В июне 1798 года Его Величество в сопровождении великого князя Александра, великого князя Константина и своей свиты приехал в Москву с новым официальным визитом. Отличным поводом для поездки стал довод о необходимости повысить свой престиж в глазах подданных, который так тешил его самолюбие, а также желание встретиться с молодой девушкой, достигнувшей расцвета своей юности, достоинства которой ему так старался превознести Кутайсов. На этот раз приветственные возгласы при въезде царя в город звучали так громко, что удовлетворенный Павел тем же вечером, прохаживаясь по своему рабочему кабинету, сказал Кутайсову:
«– Как было отрадно моему сердцу! Московский народ любит меня гораздо более, чем петербургский; мне кажется, что там теперь гораздо более боятся, чем меня любят.
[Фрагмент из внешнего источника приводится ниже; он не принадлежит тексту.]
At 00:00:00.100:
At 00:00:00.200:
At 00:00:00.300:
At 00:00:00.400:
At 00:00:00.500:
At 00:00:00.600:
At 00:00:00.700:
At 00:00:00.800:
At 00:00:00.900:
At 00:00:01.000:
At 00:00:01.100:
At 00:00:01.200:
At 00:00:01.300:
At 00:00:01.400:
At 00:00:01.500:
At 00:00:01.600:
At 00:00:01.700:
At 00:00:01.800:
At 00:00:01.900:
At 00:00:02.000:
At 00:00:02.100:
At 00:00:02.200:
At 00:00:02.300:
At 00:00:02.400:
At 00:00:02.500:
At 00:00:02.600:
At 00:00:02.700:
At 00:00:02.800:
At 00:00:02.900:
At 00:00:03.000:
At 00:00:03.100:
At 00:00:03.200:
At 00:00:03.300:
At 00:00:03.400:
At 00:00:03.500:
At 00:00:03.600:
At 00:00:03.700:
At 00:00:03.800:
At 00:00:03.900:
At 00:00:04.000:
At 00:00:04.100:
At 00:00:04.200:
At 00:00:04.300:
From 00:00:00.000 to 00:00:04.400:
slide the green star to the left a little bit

– Это нисколько не удивляет меня, Ваше Величество! – поддакивал лукавый фактотум.
– Почему же?
– Не смею объяснить.
– Тогда приказываю тебе это.
– Обещайте мне, государь, никому не передавать этого.
– Обещаю.
– Государь, дело в том, что здесь вас видят таким, какой вы есть действительно, – благим, великодушным, чувствительным; между тем как в Петербурге, если вы оказываете какую-либо милость, то говорят, что это или государыня, или госпожа Нелидова, или Куракины выпросили ее у вас, так что когда вы делаете добро, то это – они, ежели же когда покарают, то это вы покараете!»
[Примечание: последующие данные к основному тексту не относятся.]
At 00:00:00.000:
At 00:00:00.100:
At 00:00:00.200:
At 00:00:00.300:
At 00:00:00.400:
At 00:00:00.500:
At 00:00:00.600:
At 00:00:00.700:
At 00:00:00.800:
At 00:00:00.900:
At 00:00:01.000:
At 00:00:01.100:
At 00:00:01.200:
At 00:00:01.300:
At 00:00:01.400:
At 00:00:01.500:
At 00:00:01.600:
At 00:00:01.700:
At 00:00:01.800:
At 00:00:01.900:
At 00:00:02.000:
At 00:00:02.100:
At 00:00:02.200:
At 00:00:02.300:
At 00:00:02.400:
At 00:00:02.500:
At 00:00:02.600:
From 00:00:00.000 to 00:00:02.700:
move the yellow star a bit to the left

Павел нахмурился, поразмышлял и пробормотал:
«– Значит, говорят, что […] я даю управлять собою?
– Так точно, государь, – не колеблясь, отвечал Кутайсов.
– Ну, хорошо же, я покажу, как мною управляют!»[27] – воскликнул император и направился в свой кабинет, чтобы составить несколько карающих указов. Но Кутайсов отговорил его от этого, умоляя не вскрывать нарыв до того, как он созреет.